## Aim of the exercise
Copy every entry below exactly, and keep out the pictures.

## Working data

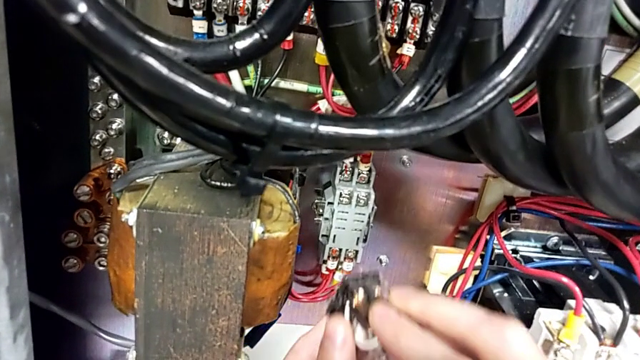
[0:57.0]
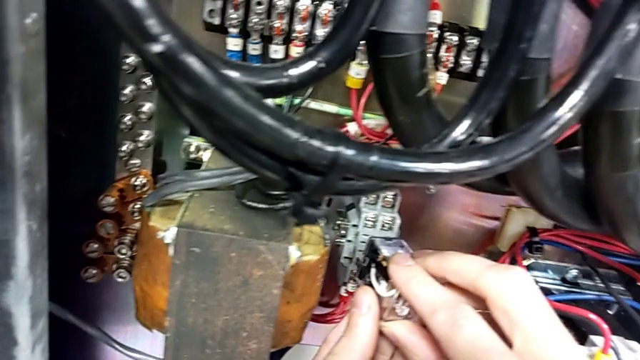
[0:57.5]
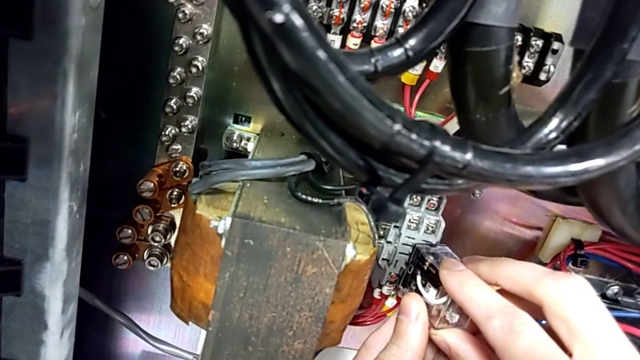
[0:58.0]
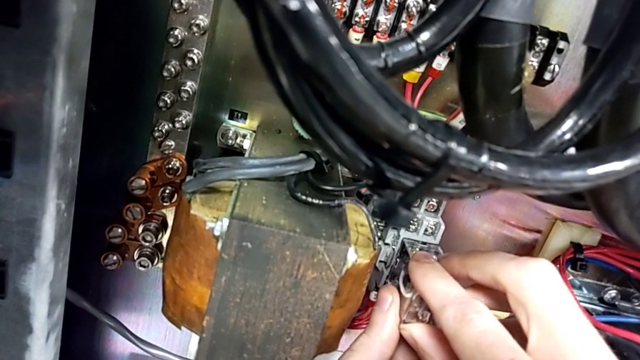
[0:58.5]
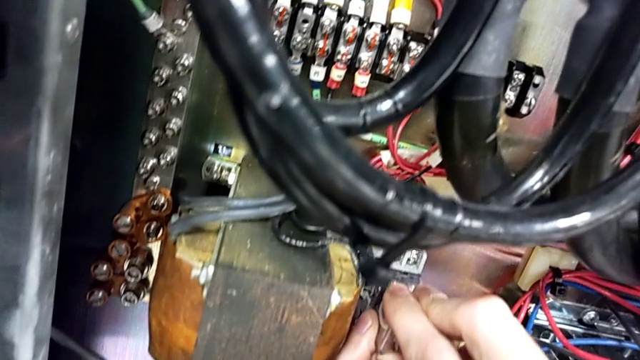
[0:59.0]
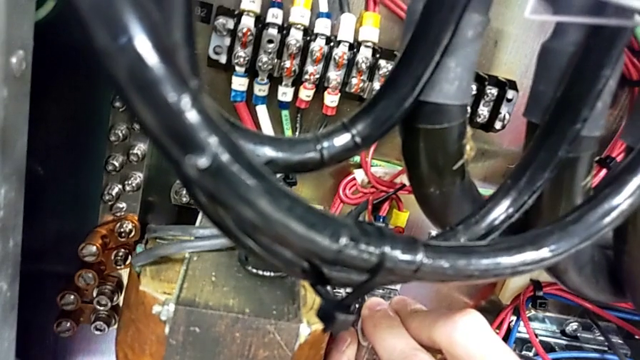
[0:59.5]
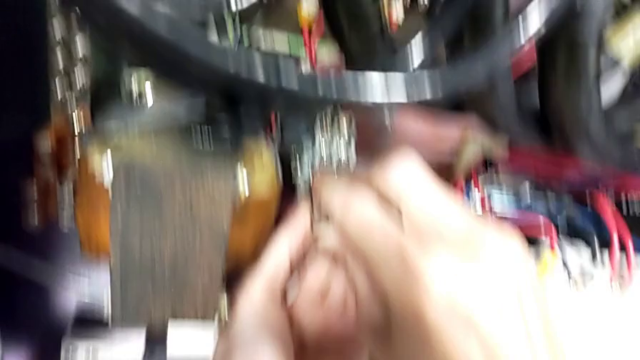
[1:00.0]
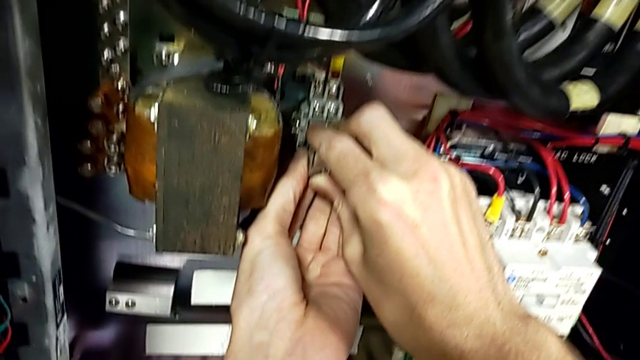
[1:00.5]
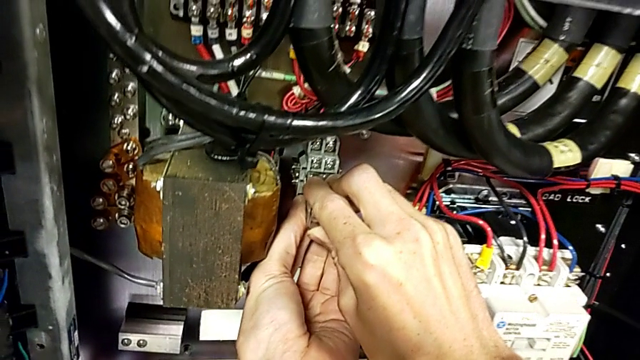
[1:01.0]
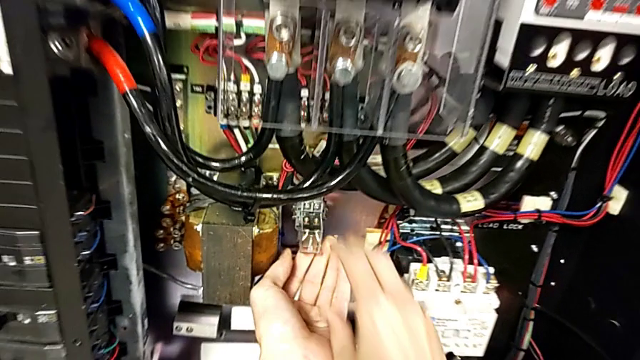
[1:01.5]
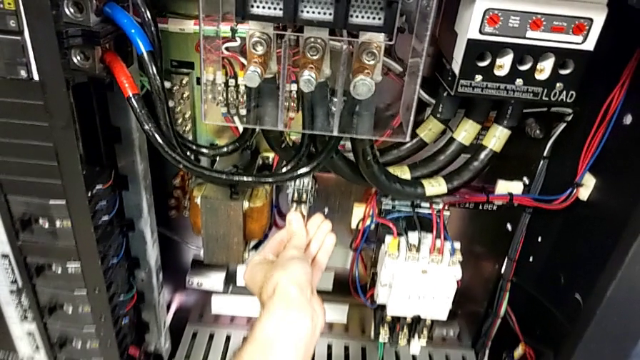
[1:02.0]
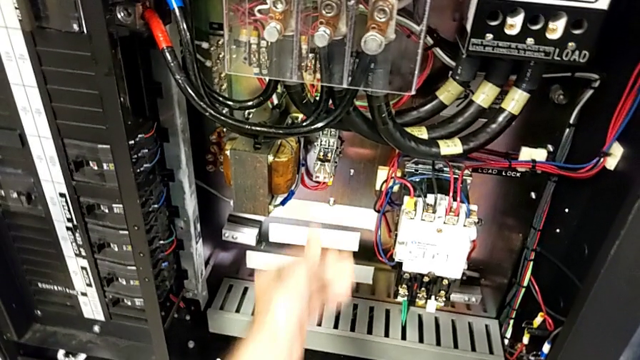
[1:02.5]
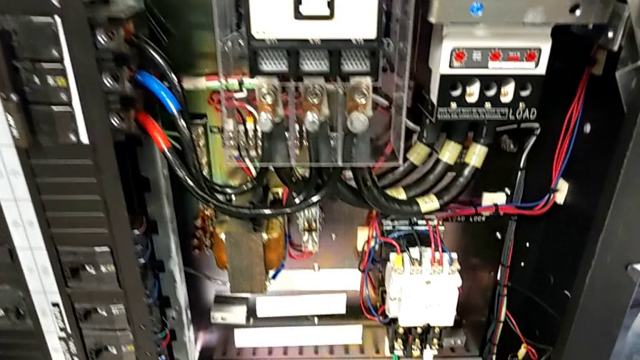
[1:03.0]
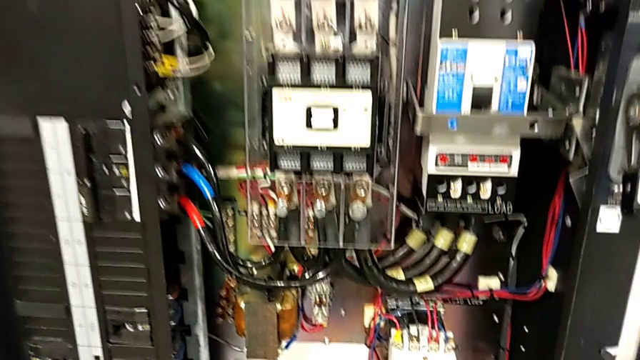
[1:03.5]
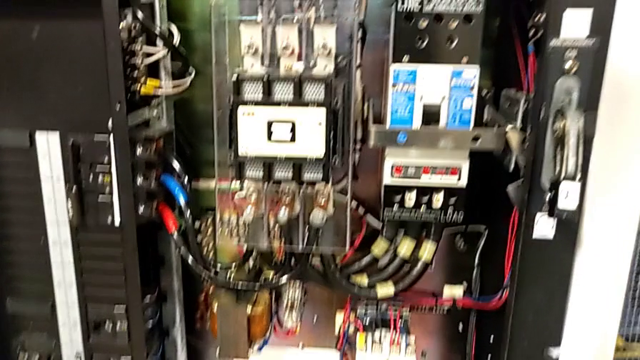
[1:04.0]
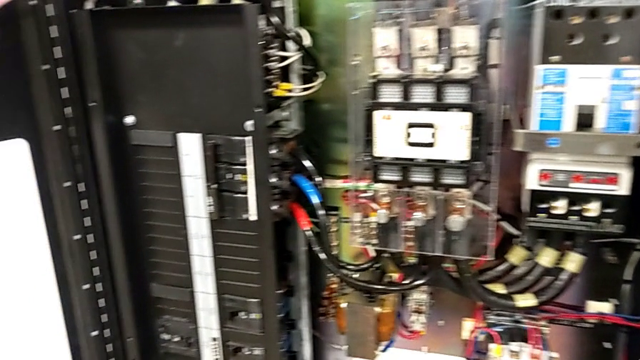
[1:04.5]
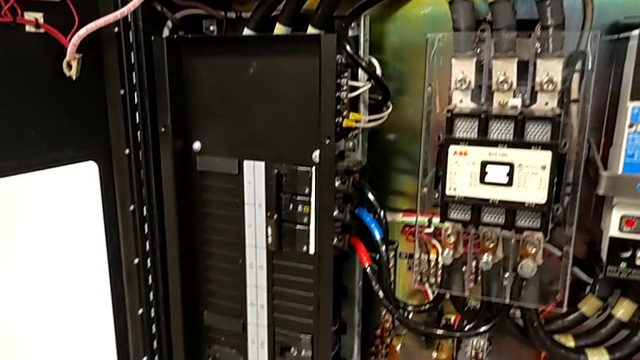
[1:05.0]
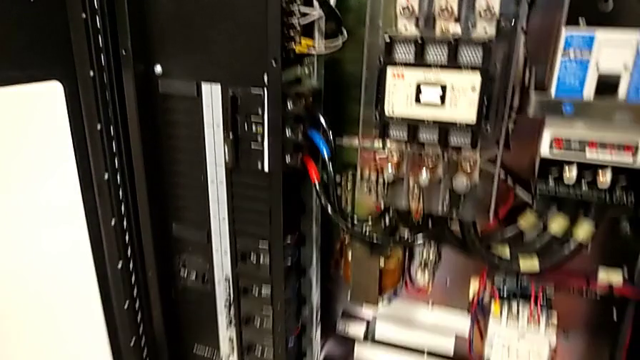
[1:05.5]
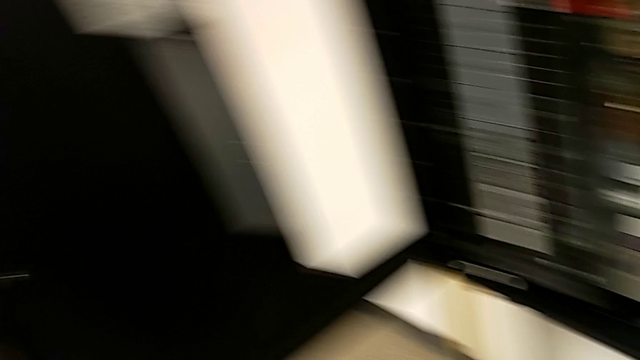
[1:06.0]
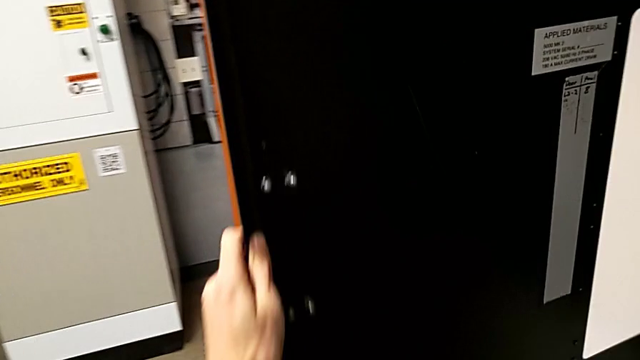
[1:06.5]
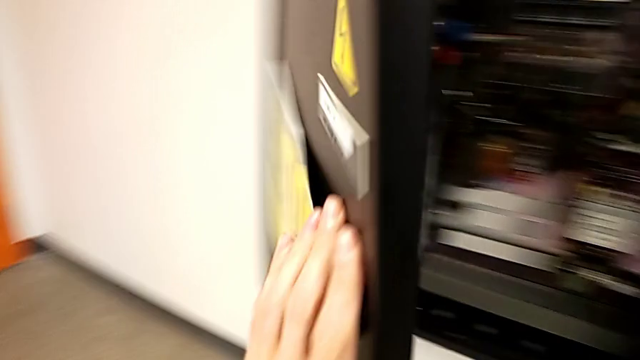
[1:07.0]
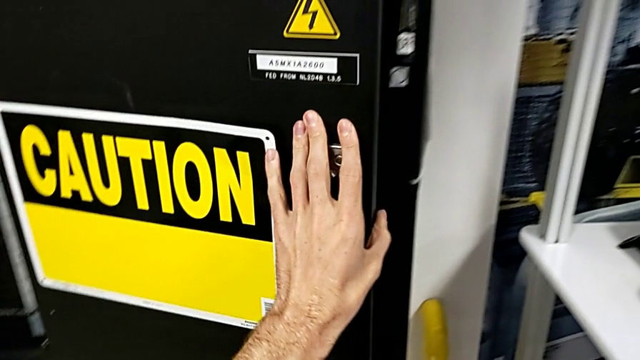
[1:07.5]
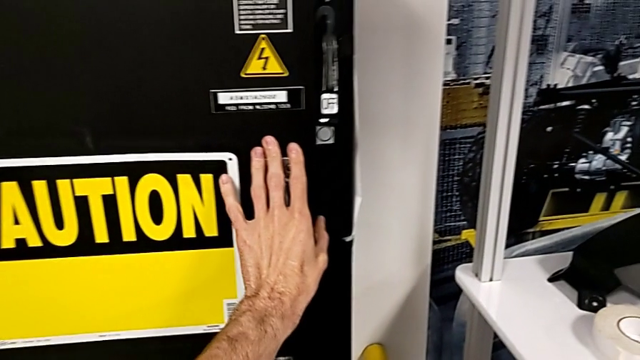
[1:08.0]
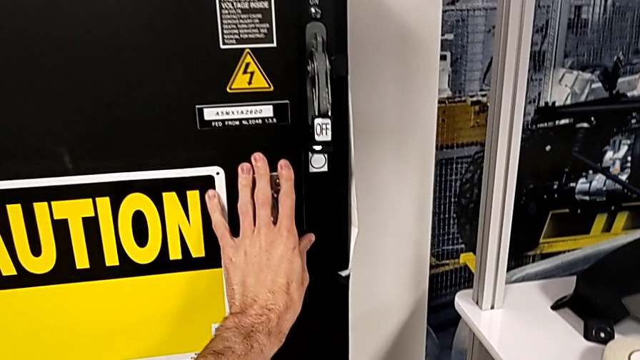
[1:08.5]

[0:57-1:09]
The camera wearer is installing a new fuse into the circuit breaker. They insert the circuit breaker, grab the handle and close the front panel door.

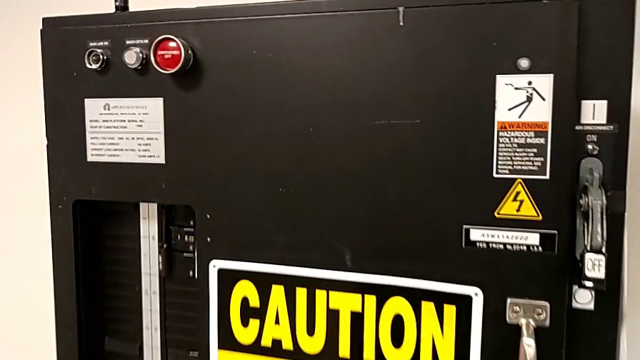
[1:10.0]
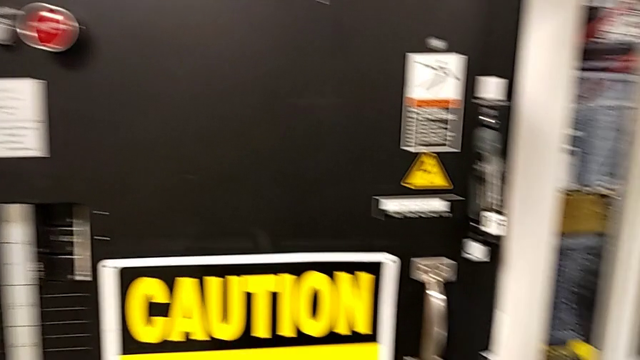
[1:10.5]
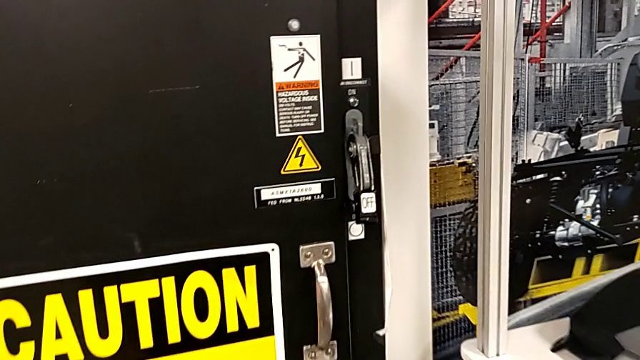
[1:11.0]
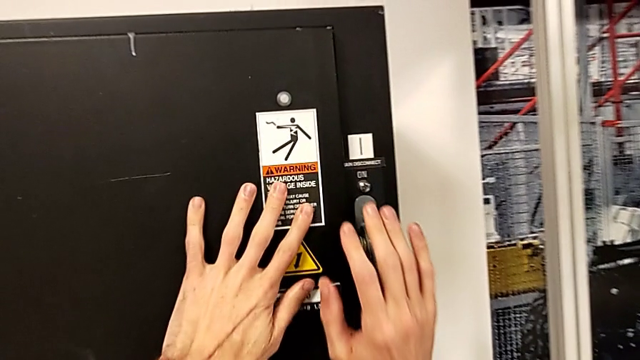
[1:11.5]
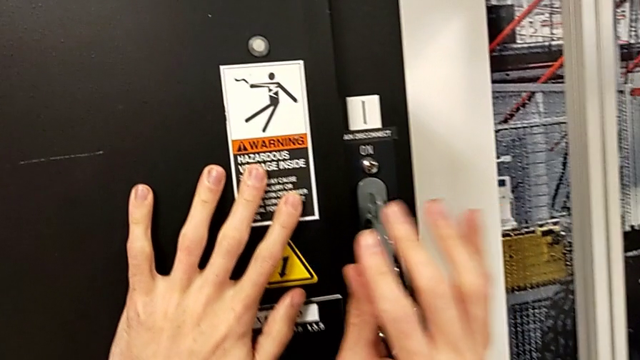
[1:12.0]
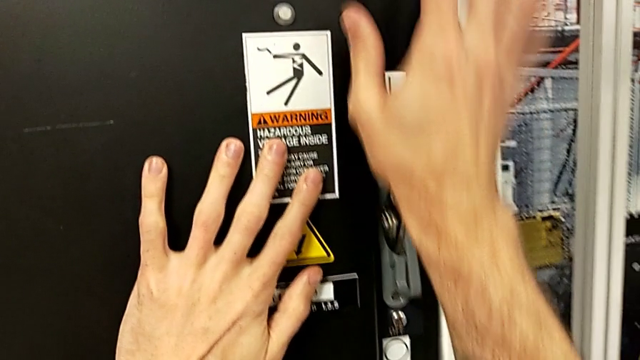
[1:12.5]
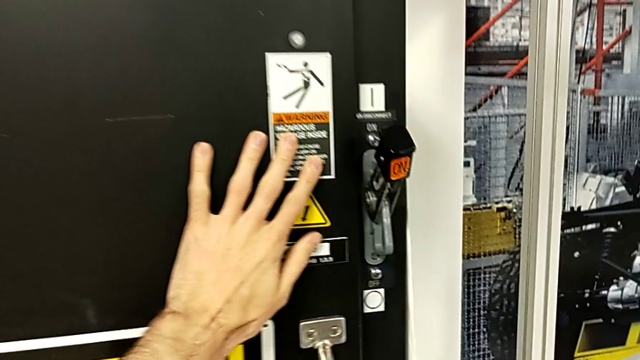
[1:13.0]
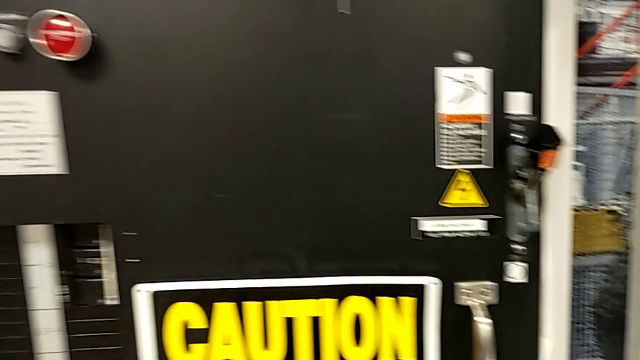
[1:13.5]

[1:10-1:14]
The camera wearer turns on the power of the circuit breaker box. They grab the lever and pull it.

## Solved problem
[0:57.0]
[0:57.5]
[0:58.0]
[0:58.5]
[0:59.0]
[0:59.5]
[1:00.0]
[1:00.5]
[1:01.0]
[1:01.5]
[1:02.0]
[1:02.5]
[1:03.0]
[1:03.5]
[1:04.0]
[1:04.5]
[1:05.0]
[1:05.5]
[1:06.0]
[1:06.5]
[1:07.0]
[1:07.5]
[1:08.0]
[1:08.5]

[0:57-1:09]
The camera wearer is installing a new fuse into the circuit breaker. They insert the circuit breaker, grab the handle and close the front panel door.

[1:10.0]
[1:10.5]
[1:11.0]
[1:11.5]
[1:12.0]
[1:12.5]
[1:13.0]
[1:13.5]

[1:10-1:14]
The camera wearer turns on the power of the circuit breaker box. They grab the lever and pull it.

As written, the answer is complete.